__TASK TO COMPLETE__: Every entry below is to be copied word for word, with its pictures removed.

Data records
──────────────────────────────
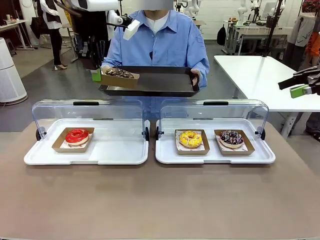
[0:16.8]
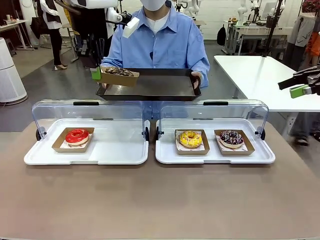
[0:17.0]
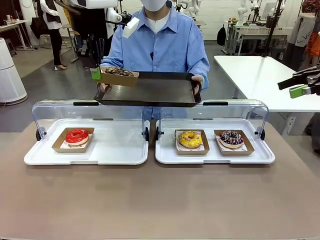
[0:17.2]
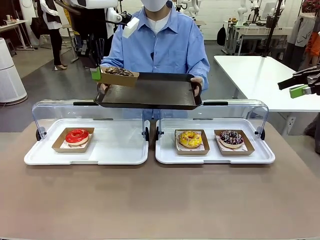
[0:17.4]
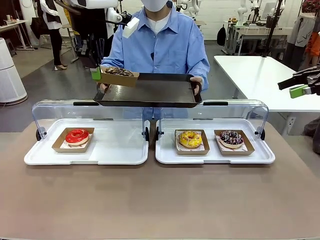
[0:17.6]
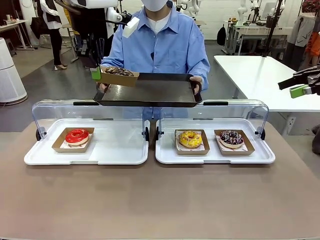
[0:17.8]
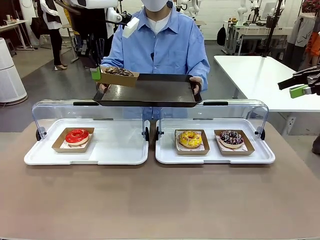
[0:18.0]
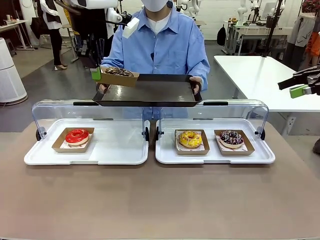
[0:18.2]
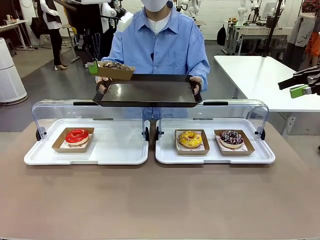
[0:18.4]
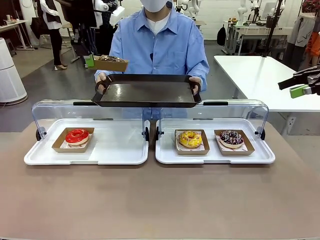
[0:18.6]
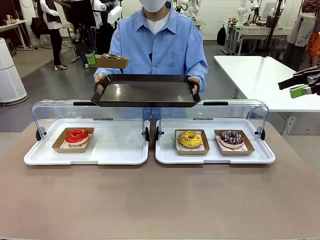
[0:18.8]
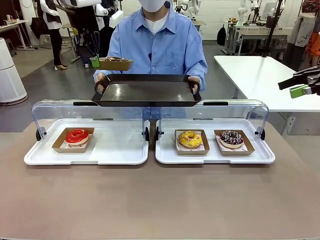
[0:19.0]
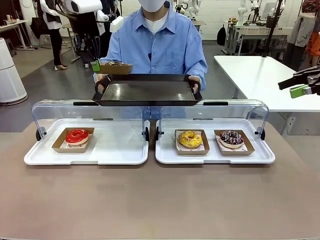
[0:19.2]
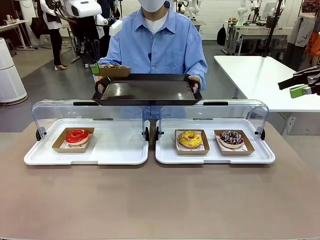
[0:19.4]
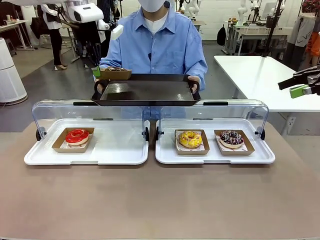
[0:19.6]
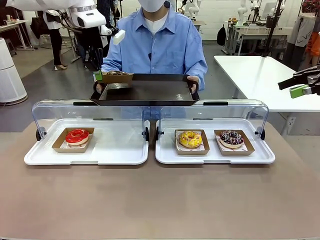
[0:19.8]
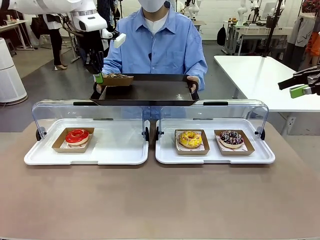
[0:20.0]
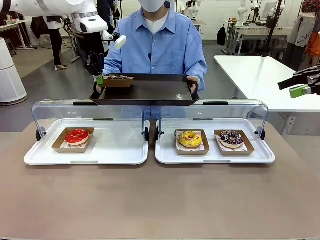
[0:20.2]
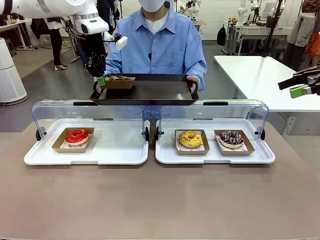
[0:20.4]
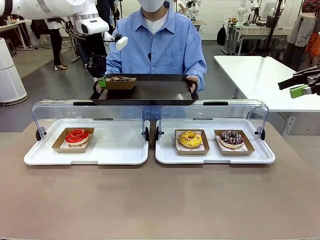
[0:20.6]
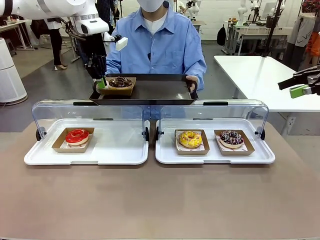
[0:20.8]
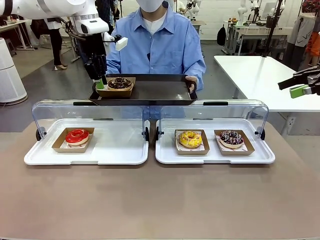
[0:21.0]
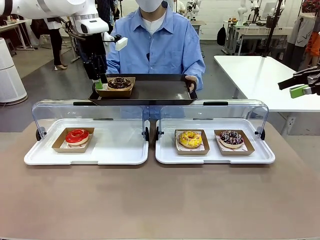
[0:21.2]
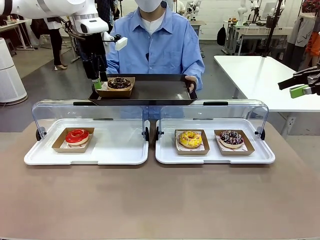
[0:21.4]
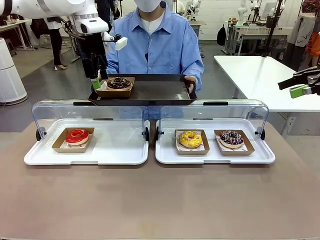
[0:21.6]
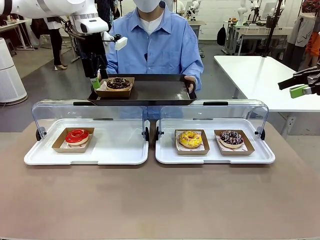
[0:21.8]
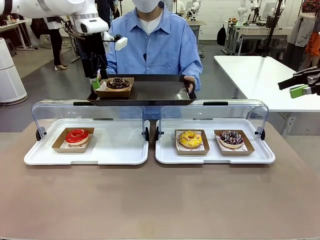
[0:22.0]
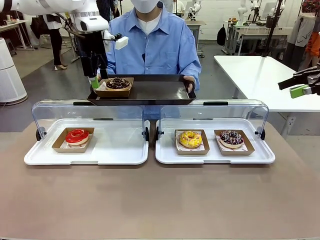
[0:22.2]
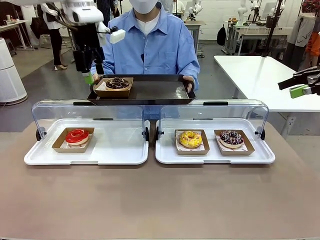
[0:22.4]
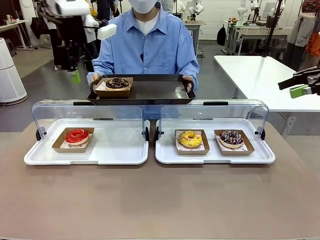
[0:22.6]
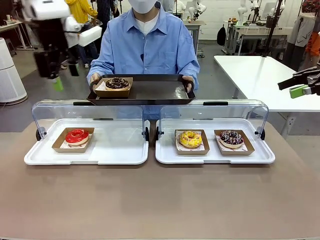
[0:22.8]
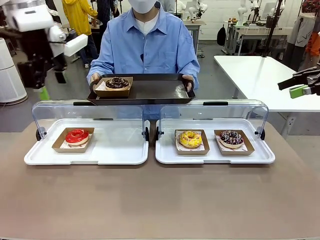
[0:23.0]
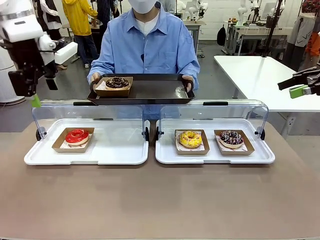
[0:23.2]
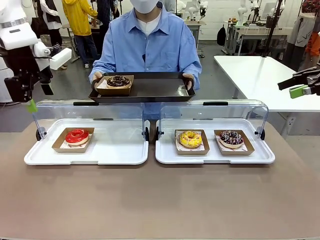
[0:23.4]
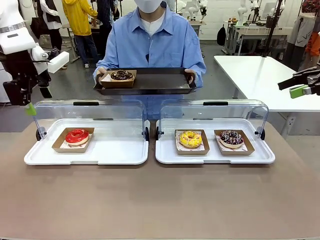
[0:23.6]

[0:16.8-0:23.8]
Robot: Place the picked Paper togo box onto the Handle tray extended by the person.
──────────────────────────────
__SOLUTION__:
[0:16.8]
[0:17.0]
[0:17.2]
[0:17.4]
[0:17.6]
[0:17.8]
[0:18.0]
[0:18.2]
[0:18.4]
[0:18.6]
[0:18.8]
[0:19.0]
[0:19.2]
[0:19.4]
[0:19.6]
[0:19.8]
[0:20.0]
[0:20.2]
[0:20.4]
[0:20.6]
[0:20.8]
[0:21.0]
[0:21.2]
[0:21.4]
[0:21.6]
[0:21.8]
[0:22.0]
[0:22.2]
[0:22.4]
[0:22.6]
[0:22.8]
[0:23.0]
[0:23.2]
[0:23.4]
[0:23.6]

[0:16.8-0:23.8]
Robot: Place the picked Paper togo box onto the Handle tray extended by the person.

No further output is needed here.